Go to school? Yeah, right. Compared
to Europe, the U. S. emerged relatively unscathed and almost immediately
made a commitment to universal secondary education.
The pattern that Ed Trust cites as a indicating a failure might
actually show a triumph: older Americans score better than younger ones
because they had more education than their European peers and kept on
growing. The
IALS results point to a methodological caution: Beware of secondary
sources. Ed Trust did not cite the IALS
report itself, but the 1998 version of OECD's Education at a Glance. In
the actual IALS report there is a note next to the 16-25 results for the U.S.: "The
proficiency of United States' postsecondary students has been underestimated
due to a sampling anomaly" (Literacy,
Economy and Society, p. 79). It
provides no indication of how large the underestimation might be.
THE "READY,
AIM, DELETE" AWARD, or "THE ELDERLY MAN AND THE SEA"
AWARD TO: The
New York State Department of Education The New York State Board of Regents New York State Commissioner of Education, Rick Mills Educational Testing Service And probably all other test publishers "You
can imagine how honored I was to learn that my work was going to be
mangled for the sake of standardized testing."
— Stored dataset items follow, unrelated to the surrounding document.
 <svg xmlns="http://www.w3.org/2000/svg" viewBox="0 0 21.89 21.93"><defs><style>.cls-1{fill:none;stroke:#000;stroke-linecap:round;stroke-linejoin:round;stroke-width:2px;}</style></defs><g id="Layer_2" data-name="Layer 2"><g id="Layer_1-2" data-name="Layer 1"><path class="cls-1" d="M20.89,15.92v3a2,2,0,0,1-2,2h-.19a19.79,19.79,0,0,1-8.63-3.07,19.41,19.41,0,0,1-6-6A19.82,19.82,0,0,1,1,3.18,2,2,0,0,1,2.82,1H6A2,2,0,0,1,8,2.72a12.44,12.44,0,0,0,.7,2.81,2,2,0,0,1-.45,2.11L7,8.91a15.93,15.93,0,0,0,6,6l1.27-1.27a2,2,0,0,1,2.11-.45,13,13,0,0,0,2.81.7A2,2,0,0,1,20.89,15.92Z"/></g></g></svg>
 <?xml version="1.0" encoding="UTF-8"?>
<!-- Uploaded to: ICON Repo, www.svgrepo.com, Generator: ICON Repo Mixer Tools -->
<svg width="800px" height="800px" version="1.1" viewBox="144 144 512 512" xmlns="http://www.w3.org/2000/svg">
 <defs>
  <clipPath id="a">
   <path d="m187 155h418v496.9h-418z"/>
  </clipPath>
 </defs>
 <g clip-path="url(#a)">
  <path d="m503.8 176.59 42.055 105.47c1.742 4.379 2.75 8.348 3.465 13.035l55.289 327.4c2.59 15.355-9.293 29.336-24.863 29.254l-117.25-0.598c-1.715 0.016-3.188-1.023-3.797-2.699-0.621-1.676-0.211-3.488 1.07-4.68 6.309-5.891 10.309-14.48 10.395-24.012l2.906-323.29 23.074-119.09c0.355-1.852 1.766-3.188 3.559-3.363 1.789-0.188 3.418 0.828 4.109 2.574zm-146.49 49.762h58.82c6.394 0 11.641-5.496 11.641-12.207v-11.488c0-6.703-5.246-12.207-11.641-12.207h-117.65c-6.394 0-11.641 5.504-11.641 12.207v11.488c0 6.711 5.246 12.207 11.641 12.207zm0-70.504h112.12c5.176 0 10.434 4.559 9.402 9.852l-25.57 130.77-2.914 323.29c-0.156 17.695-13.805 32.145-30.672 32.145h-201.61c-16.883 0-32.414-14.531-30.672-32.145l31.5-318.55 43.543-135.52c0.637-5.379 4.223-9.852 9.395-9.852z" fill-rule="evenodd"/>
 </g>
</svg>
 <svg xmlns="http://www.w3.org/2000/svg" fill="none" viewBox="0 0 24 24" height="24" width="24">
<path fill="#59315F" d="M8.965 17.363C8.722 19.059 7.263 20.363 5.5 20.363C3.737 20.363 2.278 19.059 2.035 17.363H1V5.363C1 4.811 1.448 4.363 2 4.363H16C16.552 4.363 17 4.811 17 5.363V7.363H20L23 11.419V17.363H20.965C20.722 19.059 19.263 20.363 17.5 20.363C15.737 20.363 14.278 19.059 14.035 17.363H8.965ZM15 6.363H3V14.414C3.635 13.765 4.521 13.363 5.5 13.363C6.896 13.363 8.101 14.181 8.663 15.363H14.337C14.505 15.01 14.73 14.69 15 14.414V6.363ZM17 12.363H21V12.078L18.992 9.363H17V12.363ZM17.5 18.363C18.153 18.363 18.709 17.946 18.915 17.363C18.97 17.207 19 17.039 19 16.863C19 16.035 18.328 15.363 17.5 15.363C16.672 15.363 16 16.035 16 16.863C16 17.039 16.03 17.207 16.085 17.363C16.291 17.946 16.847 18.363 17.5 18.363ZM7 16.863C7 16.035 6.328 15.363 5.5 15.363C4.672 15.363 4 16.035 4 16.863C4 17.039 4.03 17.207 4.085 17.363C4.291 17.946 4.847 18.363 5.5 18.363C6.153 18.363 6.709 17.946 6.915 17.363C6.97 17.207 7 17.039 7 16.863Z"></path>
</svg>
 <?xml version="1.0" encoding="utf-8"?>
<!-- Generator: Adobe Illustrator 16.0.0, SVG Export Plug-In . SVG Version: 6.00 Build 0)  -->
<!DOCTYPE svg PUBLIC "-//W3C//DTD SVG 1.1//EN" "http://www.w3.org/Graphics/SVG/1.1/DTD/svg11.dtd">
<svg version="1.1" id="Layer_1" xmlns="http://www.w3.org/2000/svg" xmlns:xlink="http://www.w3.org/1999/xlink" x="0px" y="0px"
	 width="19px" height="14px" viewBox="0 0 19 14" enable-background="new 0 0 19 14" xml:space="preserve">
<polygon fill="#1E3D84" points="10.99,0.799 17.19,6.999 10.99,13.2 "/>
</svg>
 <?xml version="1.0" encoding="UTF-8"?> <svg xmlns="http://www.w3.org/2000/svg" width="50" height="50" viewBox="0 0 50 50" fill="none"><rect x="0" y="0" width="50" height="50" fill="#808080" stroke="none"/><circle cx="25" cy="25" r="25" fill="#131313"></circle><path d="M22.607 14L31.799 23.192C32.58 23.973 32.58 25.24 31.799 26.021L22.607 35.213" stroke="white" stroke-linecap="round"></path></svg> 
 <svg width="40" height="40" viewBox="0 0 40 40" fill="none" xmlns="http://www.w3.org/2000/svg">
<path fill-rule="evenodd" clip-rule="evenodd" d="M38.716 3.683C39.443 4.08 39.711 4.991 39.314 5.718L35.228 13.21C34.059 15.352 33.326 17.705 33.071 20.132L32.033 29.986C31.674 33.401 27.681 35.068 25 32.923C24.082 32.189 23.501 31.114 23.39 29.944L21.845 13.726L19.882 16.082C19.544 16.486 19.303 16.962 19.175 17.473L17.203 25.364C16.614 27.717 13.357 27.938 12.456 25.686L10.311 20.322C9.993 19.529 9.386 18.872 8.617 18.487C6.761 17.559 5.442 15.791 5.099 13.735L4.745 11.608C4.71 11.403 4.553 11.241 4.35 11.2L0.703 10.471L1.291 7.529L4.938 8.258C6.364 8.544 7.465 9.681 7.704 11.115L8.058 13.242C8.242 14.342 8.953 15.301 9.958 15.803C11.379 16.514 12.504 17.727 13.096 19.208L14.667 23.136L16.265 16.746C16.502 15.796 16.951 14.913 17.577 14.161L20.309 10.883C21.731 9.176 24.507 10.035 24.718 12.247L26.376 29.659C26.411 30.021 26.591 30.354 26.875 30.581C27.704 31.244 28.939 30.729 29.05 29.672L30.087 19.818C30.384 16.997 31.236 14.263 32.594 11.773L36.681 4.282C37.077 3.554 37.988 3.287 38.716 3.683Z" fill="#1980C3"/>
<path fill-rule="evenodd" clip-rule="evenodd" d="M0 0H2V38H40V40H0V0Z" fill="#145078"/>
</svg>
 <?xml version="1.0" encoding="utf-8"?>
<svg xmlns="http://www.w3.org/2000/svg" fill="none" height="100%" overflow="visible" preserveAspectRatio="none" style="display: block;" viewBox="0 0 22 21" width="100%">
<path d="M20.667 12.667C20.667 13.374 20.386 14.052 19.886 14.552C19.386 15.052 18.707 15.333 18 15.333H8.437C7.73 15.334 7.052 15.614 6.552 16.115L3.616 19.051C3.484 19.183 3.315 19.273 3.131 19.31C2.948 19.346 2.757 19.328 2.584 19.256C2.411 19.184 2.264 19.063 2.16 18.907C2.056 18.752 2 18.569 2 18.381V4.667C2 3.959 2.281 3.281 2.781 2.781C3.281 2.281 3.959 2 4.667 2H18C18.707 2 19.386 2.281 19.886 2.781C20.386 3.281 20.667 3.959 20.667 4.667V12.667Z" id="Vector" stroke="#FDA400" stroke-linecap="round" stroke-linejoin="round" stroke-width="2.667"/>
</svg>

Thus wrote author Anna Quindlen in Newsweek. Actually, Quindlen was disappointed that
New York had not put her in
the company of Isaac Beshevis Singer, Annie Dillard and Anton Chekhov,
all of whom suffered at the hands of test construction censors building
the New York Department of Education Regents' tests.
Quindlen was relegated to losing a few words to ETS expurgators
for some Georgia tests. The
distortions come from the various test producers' "sensitivity
guidelines." Words the
censors conclude might upset testtakers get axed.
In New York, these words included "skinny," "fat,"
"wine," and "gringo."
The
Department's word play came to light when Brooklyn mother and literature
lover, Jeanne Heifetz, noticed a maimed passage on one of her son's
tests. On further investigation, Heifetz discovered
that "almost no piece of writing emerges from this process unscathed."
Quindlen's comment: "Nor could any except the most homogenized
piece of pap about Cape Cod tide pools." Quindlen's
purple prose included the following: "The
Sumerians first used the written word to make laundry lists, to keep
track of cows and slaves and household goods." "And
soon publishers had the means, and the will to publish anything--cookbooks,
newspapers, novels, poetry, pornography, picture books for children." ETS
censors snipped "slaves" from the first sentence, redlined
"pornography" in the second.
ETS helpfully explained to Quindlen that "The words 'slave'
and 'pornography' deal with controversial issues that could cause an
emotional reaction in some students that could distract them from the
tests and affect their performance."
Quindlen
pointed out that the week the test was taken contained suicide bombers
in Israel, the gunpoint abduction of a teenager in Utah, and the arrest
of a rock star for appearing in videos having sex with an underage girl.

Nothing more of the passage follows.